---- Materials provided

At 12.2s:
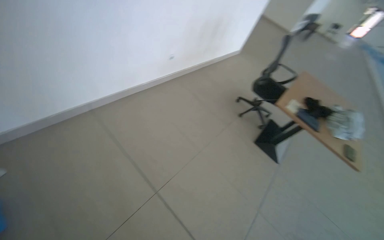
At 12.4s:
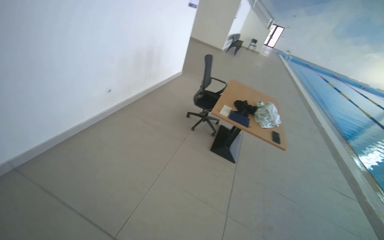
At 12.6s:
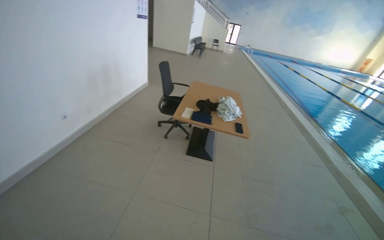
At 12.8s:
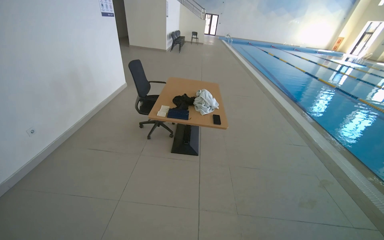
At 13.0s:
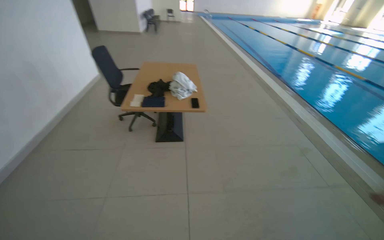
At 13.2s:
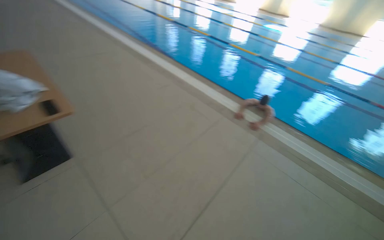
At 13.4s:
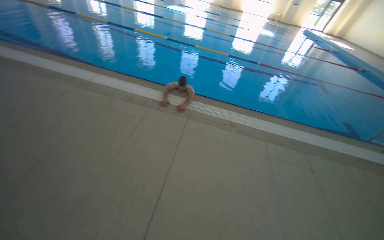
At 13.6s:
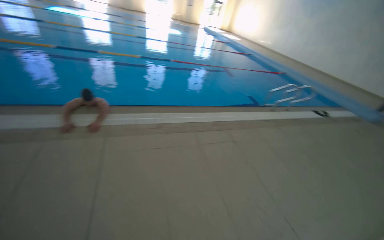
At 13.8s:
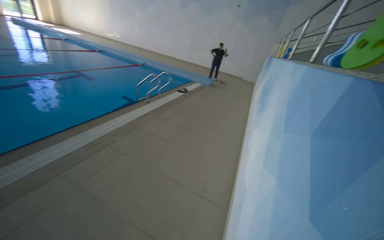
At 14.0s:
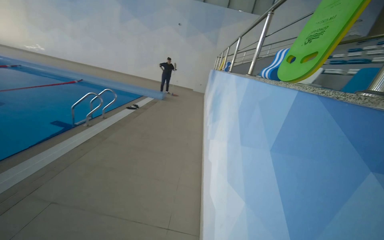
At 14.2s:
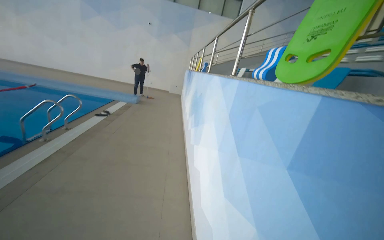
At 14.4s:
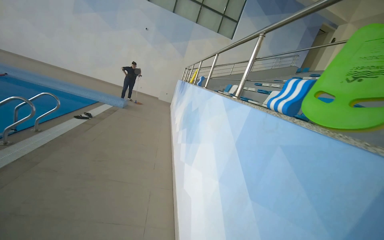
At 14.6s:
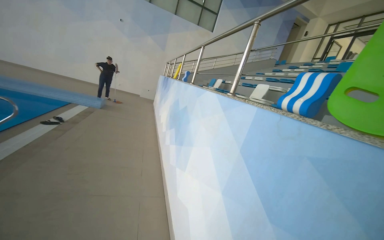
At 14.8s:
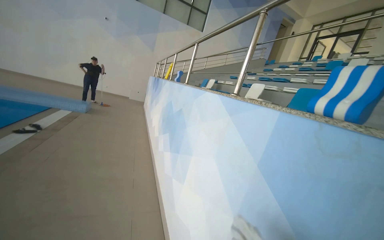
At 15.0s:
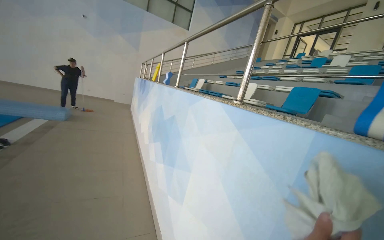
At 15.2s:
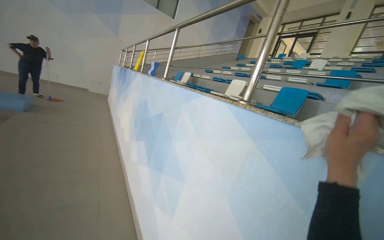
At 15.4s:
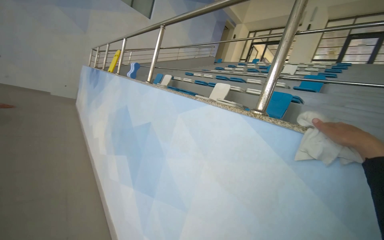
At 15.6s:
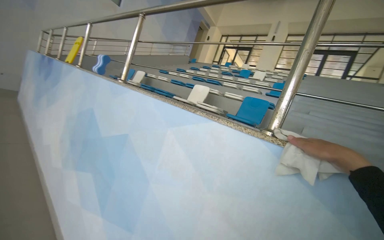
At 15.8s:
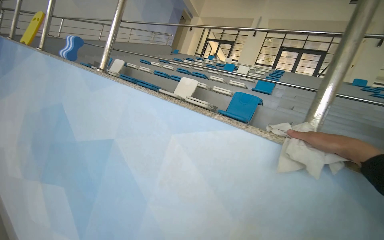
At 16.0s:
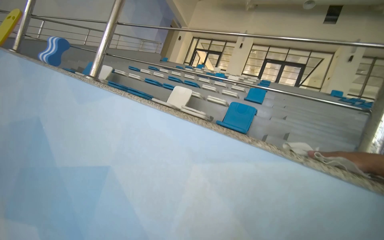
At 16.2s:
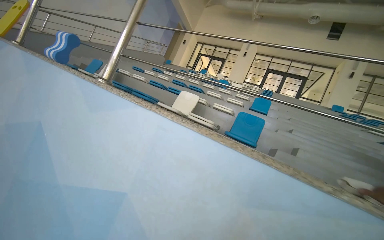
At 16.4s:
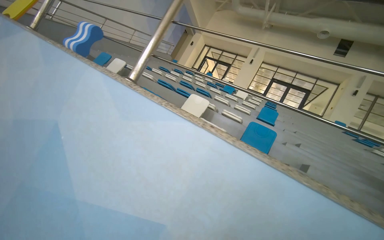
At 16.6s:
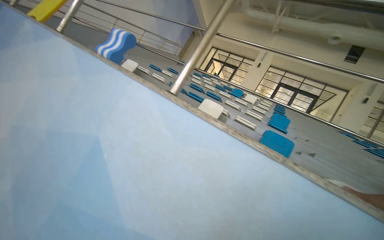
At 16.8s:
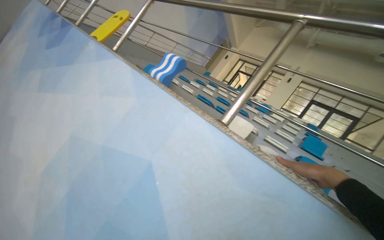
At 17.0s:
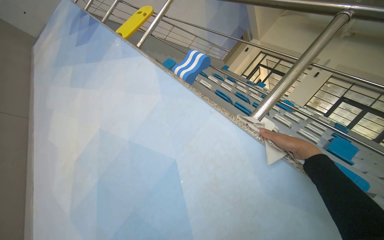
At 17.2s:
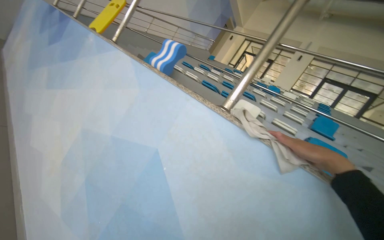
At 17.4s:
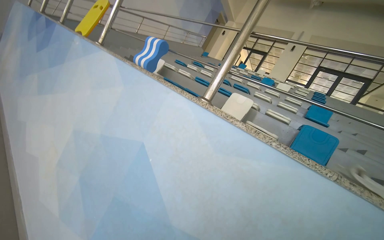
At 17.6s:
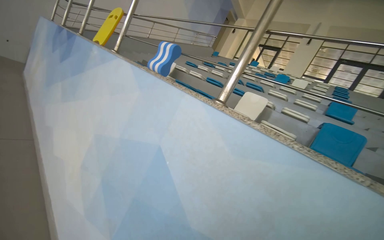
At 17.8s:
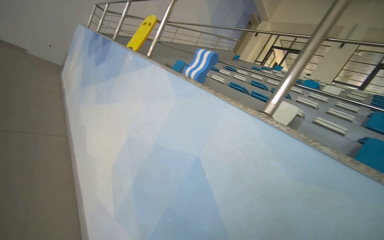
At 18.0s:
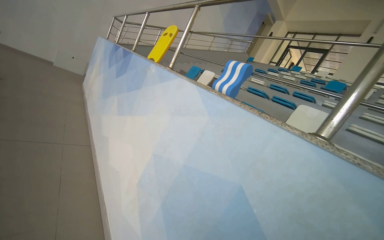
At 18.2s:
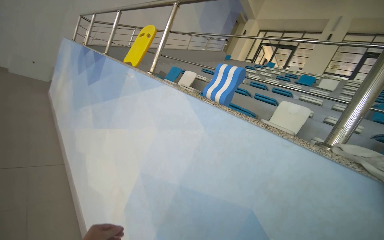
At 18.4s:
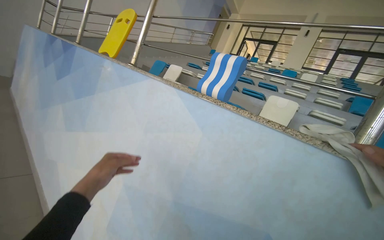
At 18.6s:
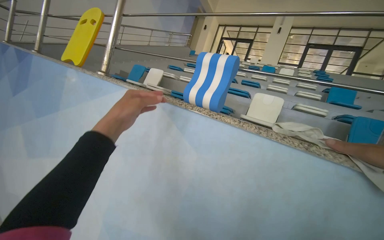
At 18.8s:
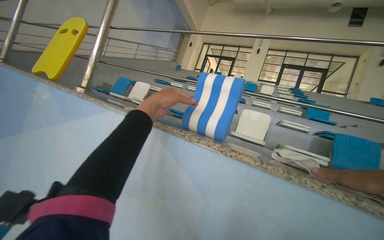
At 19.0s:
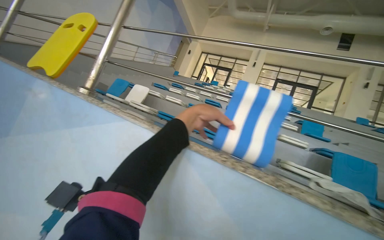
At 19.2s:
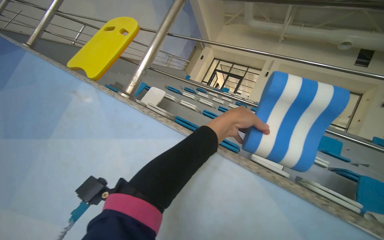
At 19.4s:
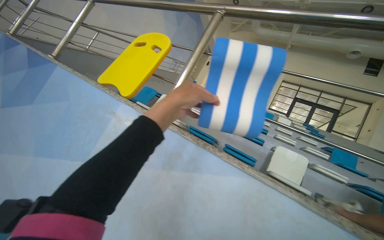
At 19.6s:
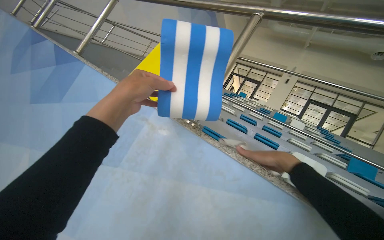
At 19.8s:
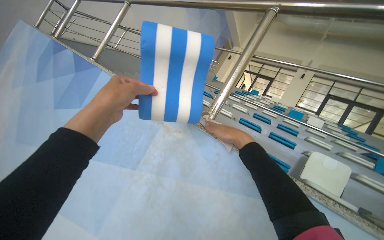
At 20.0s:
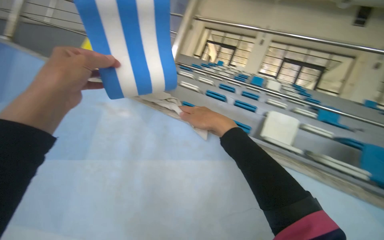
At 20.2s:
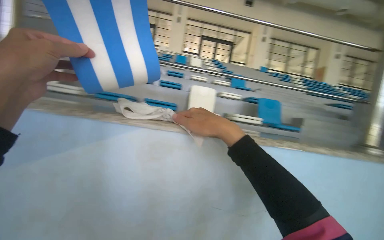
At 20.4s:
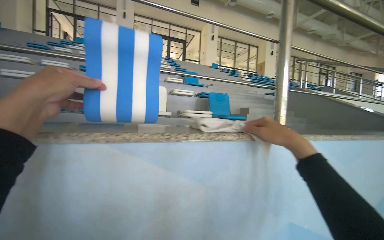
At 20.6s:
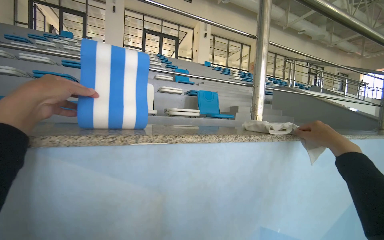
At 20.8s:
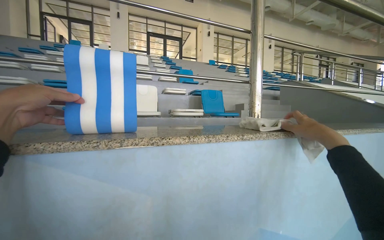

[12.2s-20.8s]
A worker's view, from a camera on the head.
Job: wiping surfaces.
The whole recording: Wiping pool ledge. The worker wipes the pool ledge with a white cloth, moving kickboards and floats.
12.2s to 13.6s: The camera is carried about 1 m. The wearer's head swings about 150 degrees to the right.
13.6s to 15.0s: The camera is carried about 1.5 m. The wearer looks about 95 degrees further to the right.
15.0s to 16.6s: The head travels about 1.5 m. The view pans to the right by some 40 degrees.
16.6s to 18.0s: The camera sweeps to the left, by about 25 degrees.
18.0s to 19.4s: The head travels about 90 cm. The camera sweeps to the right, by roughly 25 degrees.
19.4s to 20.8s: The camera is carried approximately 40 cm. The wearer looks some 50 degrees further to the right. The camera pitches downward, by some 20 degrees.

--------

__Goal of the exercise__. What you return must match the data above exactly, with no images included.

__Response to this exercise__.
At 12.2s:
At 12.4s:
At 12.6s:
At 12.8s:
At 13.0s:
At 13.2s:
At 13.4s:
At 13.6s:
At 13.8s:
At 14.0s:
At 14.2s:
At 14.4s:
At 14.6s:
At 14.8s:
At 15.0s:
At 15.2s:
At 15.4s:
At 15.6s:
At 15.8s:
At 16.0s:
At 16.2s:
At 16.4s:
At 16.6s:
At 16.8s:
At 17.0s:
At 17.2s:
At 17.4s:
At 17.6s:
At 17.8s:
At 18.0s:
At 18.2s:
At 18.4s:
At 18.6s:
At 18.8s:
At 19.0s:
At 19.2s:
At 19.4s:
At 19.6s:
At 19.8s:
At 20.0s:
At 20.2s:
At 20.4s:
At 20.6s:
At 20.8s:

[12.2s-20.8s]
A worker's view, from a camera on the head.
Job: wiping surfaces.
The whole recording: Wiping pool ledge. The worker wipes the pool ledge with a white cloth, moving kickboards and floats.
12.2s to 13.6s: The camera is carried about 1 m. The wearer's head swings about 150 degrees to the right.
13.6s to 15.0s: The camera is carried about 1.5 m. The wearer looks about 95 degrees further to the right.
15.0s to 16.6s: The head travels about 1.5 m. The view pans to the right by some 40 degrees.
16.6s to 18.0s: The camera sweeps to the left, by about 25 degrees.
18.0s to 19.4s: The head travels about 90 cm. The camera sweeps to the right, by roughly 25 degrees.
19.4s to 20.8s: The camera is carried approximately 40 cm. The wearer looks some 50 degrees further to the right. The camera pitches downward, by some 20 degrees.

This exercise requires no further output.